Hope this is of some use. Drop me a line (see the “About” page) if you spot any errors or want to chat about this work.
Hello Matthew,
I have just been thinking a lot about this topic lately, and found that the idea of textual information as nested layers is simultaneously intriguing and offsetting. What I find fascinating about it is the flexibility of the system and ability to zoom in on specific elements of a text, like a play in a corpus or a line of an scene, yet not distinctly removing that element from the rest of the data as a whole. However, by zeroing in on certain features I fear that there is both a loss of information and a conscious intervention upon the data set, thereby potentially biasing the outcome.
I suppose my main question is about what you think about too much information in a text. Is there a need or desire for a visualization tool that can incorporate every (or most) elements in a meaningful diagram or do we still need to continue collecting data through our various tools until we understand particular features better?
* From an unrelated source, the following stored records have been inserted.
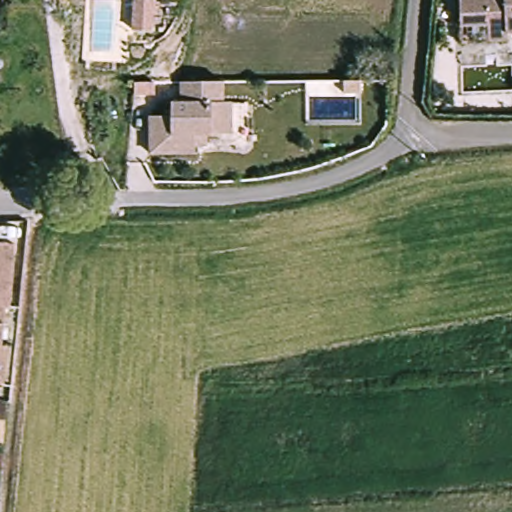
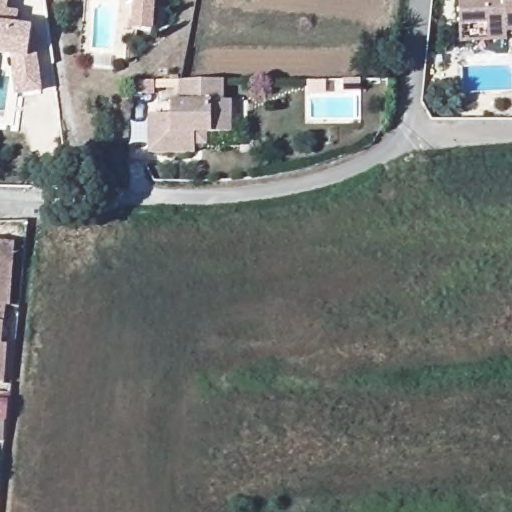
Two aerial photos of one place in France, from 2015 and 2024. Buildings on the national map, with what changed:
new [(18,77),(14,61),(0,59),(0,0),(10,0),(9,14),(20,15),(18,31),(36,32),(36,33),(39,53),(41,74),(44,94),(21,97),(18,77)]
unchanged [(137,32),(130,32),(131,0),(151,0),(149,32),(137,32)]
unchanged [(458,0),(512,0),(512,8),(458,9),(458,0)]
unchanged [(485,32),(484,22),(457,22),(458,9),(512,8),(512,33),(503,33),(503,40),(484,40),(485,32)]
unchanged [(228,96),(236,96),(237,127),(213,129),(213,136),(200,137),(201,149),(152,151),(151,122),(166,121),(164,100),(185,99),(184,79),(228,76),(228,96)]
unchanged [(11,240),(9,303),(5,303),(0,303),(0,239),(11,240)]
unchanged [(5,303),(4,342),(8,342),(6,382),(0,382),(0,303),(5,303)]
unchanged [(5,403),(1,442),(0,442),(0,403),(5,403)]

I apologize if this is vague and a little unorganized. My most recent post at allistrue.org was about this which is partly why it has been on my mind. And congratulations on the job placement at Notre Dame. Best of luck to you!
Thanks, Mike
Hi Mike,
Two thoughts:
1. Yes, zeroing in on certain features is an intervention in the data. It will always affect the outcome. But of course we do this all the time, no matter our working method. So I think the question isn’t /whether/ we do it, it’s whether we do it well or poorly, which is to say whether or not we can convince other people that what we’ve done is justified/reasonable/interesting/etc.
2. I doubt very much that we’ll ever settle on a single tool to handle every possible visualization or analytical task. Some tools try to do a lot; others are very specialized. Each has its merits. But I think it’s just literally impossible that any one tool will cover every desirable use case. And I think a visualization that tried to incorporate every element of a text or corpus would very likely be useless. That said, I’m very sympathetic to the issue of “scalable” reading and analysis; it’s valuable to be able to move quickly between specific source material and analytical abstraction.